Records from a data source
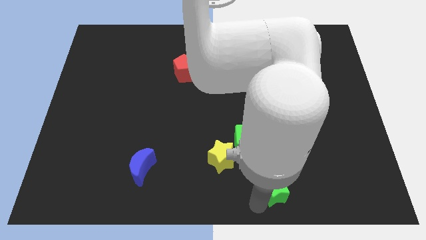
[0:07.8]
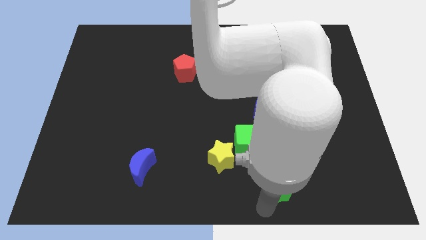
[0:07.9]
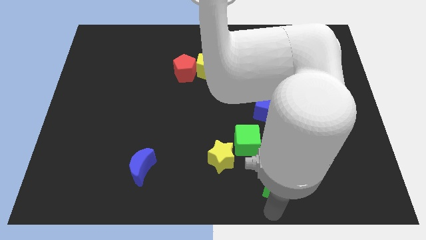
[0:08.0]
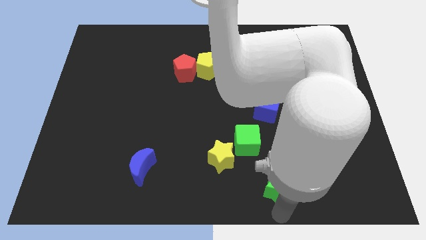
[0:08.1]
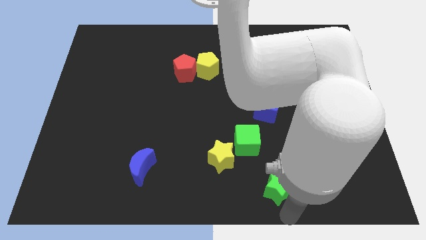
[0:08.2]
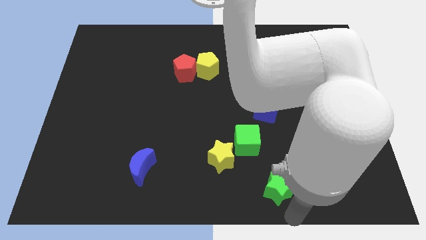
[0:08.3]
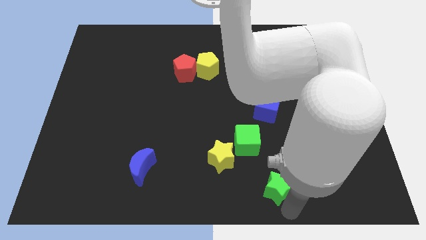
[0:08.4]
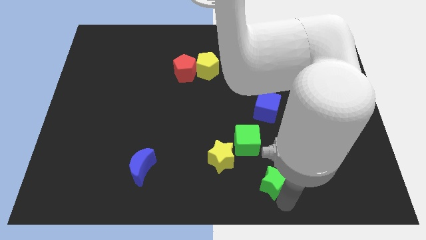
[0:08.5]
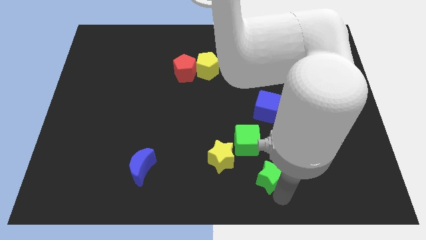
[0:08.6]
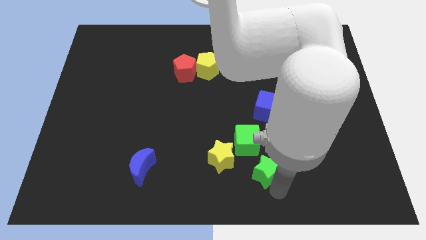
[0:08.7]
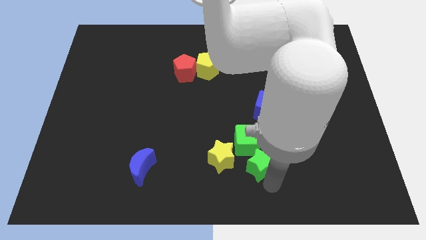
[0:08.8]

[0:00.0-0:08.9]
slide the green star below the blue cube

= Exercise details =
Give back the records word for word, without their pictures.

= Solution for this exercise =
[0:07.8]
[0:07.9]
[0:08.0]
[0:08.1]
[0:08.2]
[0:08.3]
[0:08.4]
[0:08.5]
[0:08.6]
[0:08.7]
[0:08.8]

[0:00.0-0:08.9]
slide the green star below the blue cube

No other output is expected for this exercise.